──────── MATERIAL FOR THIS EXERCISE ────────
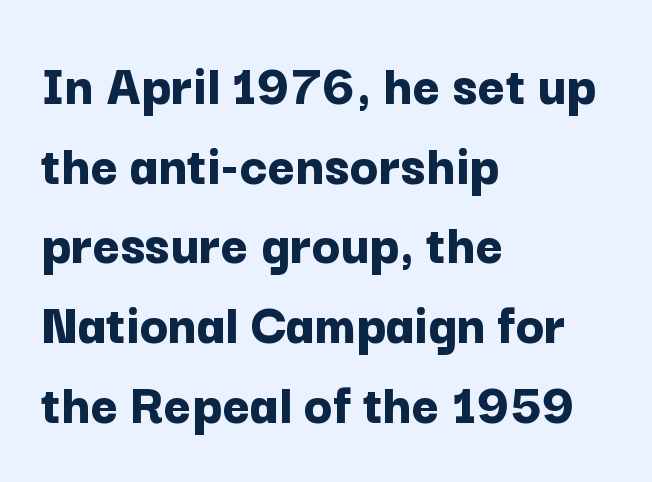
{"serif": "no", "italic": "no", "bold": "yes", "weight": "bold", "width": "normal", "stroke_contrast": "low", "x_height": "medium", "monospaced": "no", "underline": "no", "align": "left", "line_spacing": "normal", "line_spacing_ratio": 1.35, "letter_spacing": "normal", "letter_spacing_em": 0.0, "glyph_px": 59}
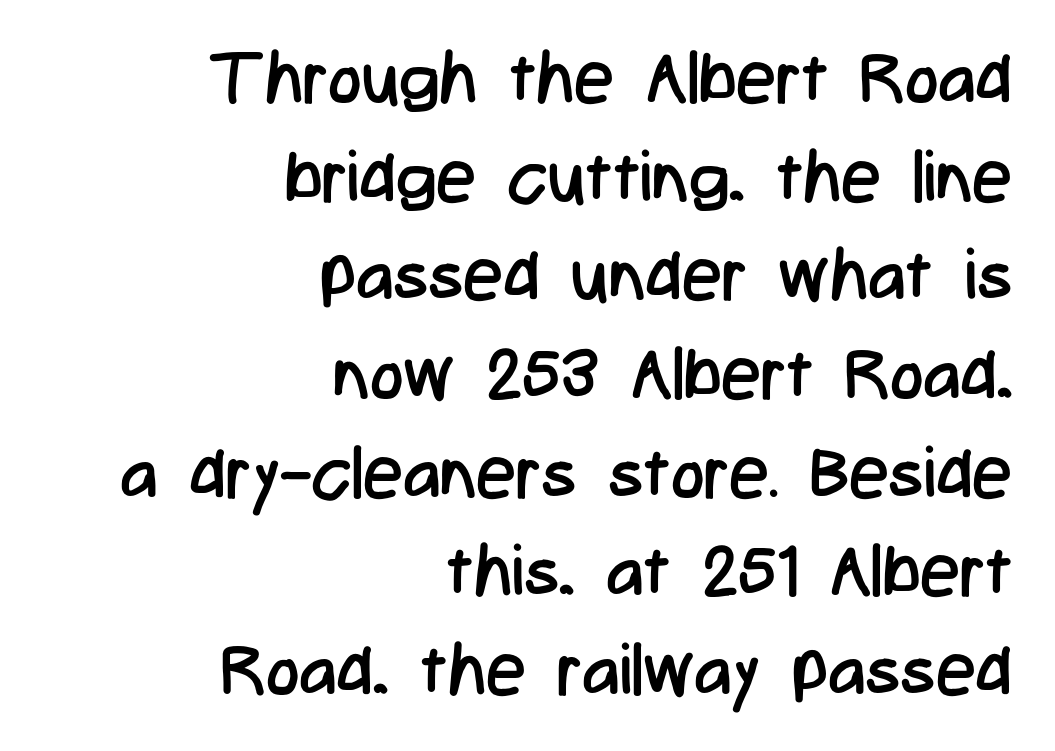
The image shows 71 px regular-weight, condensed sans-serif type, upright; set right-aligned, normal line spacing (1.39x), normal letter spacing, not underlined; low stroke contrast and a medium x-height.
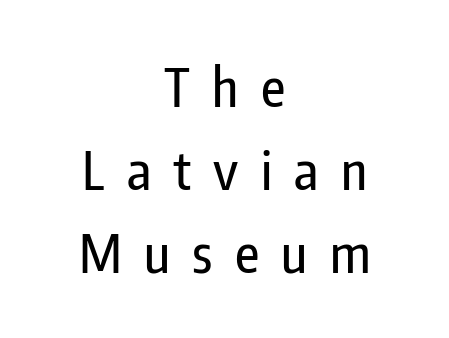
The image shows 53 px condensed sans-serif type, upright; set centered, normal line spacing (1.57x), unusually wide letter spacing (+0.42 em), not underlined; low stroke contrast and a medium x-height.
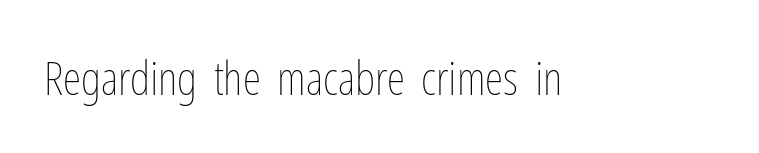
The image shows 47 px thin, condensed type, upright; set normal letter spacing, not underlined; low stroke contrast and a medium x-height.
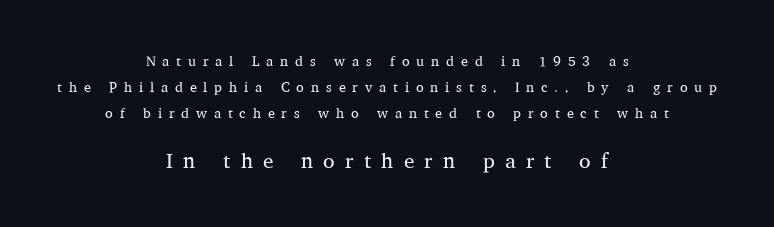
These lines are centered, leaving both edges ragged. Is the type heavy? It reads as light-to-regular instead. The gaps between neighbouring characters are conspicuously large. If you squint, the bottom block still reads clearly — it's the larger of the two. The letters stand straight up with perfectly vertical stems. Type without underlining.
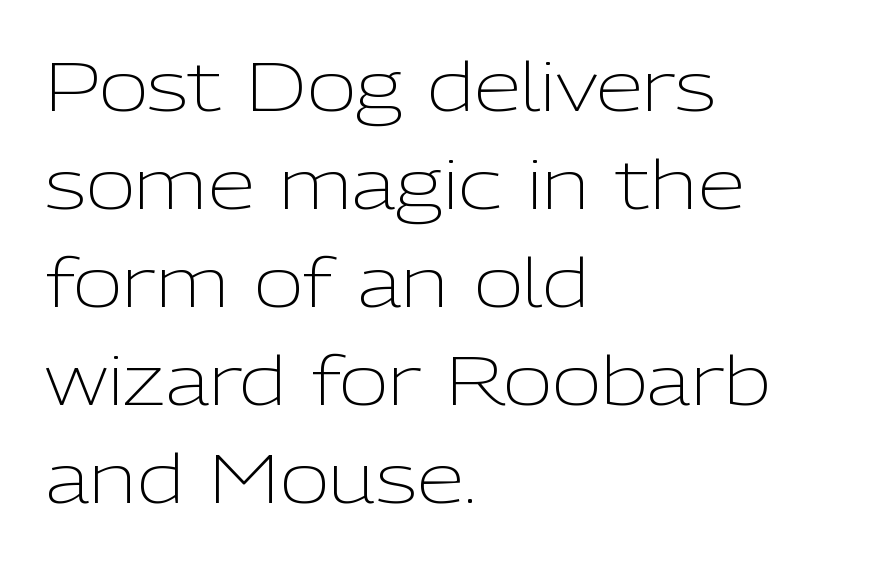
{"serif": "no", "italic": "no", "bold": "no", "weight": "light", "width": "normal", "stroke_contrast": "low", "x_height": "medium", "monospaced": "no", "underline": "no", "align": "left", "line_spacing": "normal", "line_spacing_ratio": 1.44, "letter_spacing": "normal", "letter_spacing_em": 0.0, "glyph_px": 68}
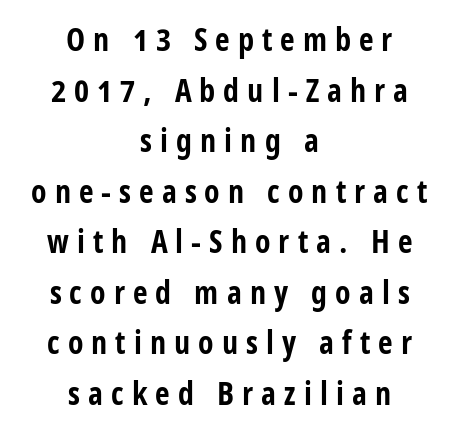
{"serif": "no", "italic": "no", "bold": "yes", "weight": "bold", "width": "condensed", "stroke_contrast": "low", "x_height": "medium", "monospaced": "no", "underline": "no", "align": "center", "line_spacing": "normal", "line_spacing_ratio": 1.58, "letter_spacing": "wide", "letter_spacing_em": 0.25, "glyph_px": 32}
────────
__WHAT THE TASK REQUIRES__: The records must be copied with no word altered, and without their pictures.

__FINAL ANSWER__:
{"serif": "no", "italic": "no", "bold": "yes", "weight": "bold", "width": "normal", "stroke_contrast": "low", "x_height": "medium", "monospaced": "no", "underline": "no", "align": "left", "line_spacing": "normal", "line_spacing_ratio": 1.35, "letter_spacing": "normal", "letter_spacing_em": 0.0, "glyph_px": 59}
The image shows 71 px regular-weight, condensed sans-serif type, upright; set right-aligned, normal line spacing (1.39x), normal letter spacing, not underlined; low stroke contrast and a medium x-height.
The image shows 53 px condensed sans-serif type, upright; set centered, normal line spacing (1.57x), unusually wide letter spacing (+0.42 em), not underlined; low stroke contrast and a medium x-height.
The image shows 47 px thin, condensed type, upright; set normal letter spacing, not underlined; low stroke contrast and a medium x-height.
These lines are centered, leaving both edges ragged. Is the type heavy? It reads as light-to-regular instead. The gaps between neighbouring characters are conspicuously large. If you squint, the bottom block still reads clearly — it's the larger of the two. The letters stand straight up with perfectly vertical stems. Type without underlining.
{"serif": "no", "italic": "no", "bold": "no", "weight": "light", "width": "normal", "stroke_contrast": "low", "x_height": "medium", "monospaced": "no", "underline": "no", "align": "left", "line_spacing": "normal", "line_spacing_ratio": 1.44, "letter_spacing": "normal", "letter_spacing_em": 0.0, "glyph_px": 68}
{"serif": "no", "italic": "no", "bold": "yes", "weight": "bold", "width": "condensed", "stroke_contrast": "low", "x_height": "medium", "monospaced": "no", "underline": "no", "align": "center", "line_spacing": "normal", "line_spacing_ratio": 1.58, "letter_spacing": "wide", "letter_spacing_em": 0.25, "glyph_px": 32}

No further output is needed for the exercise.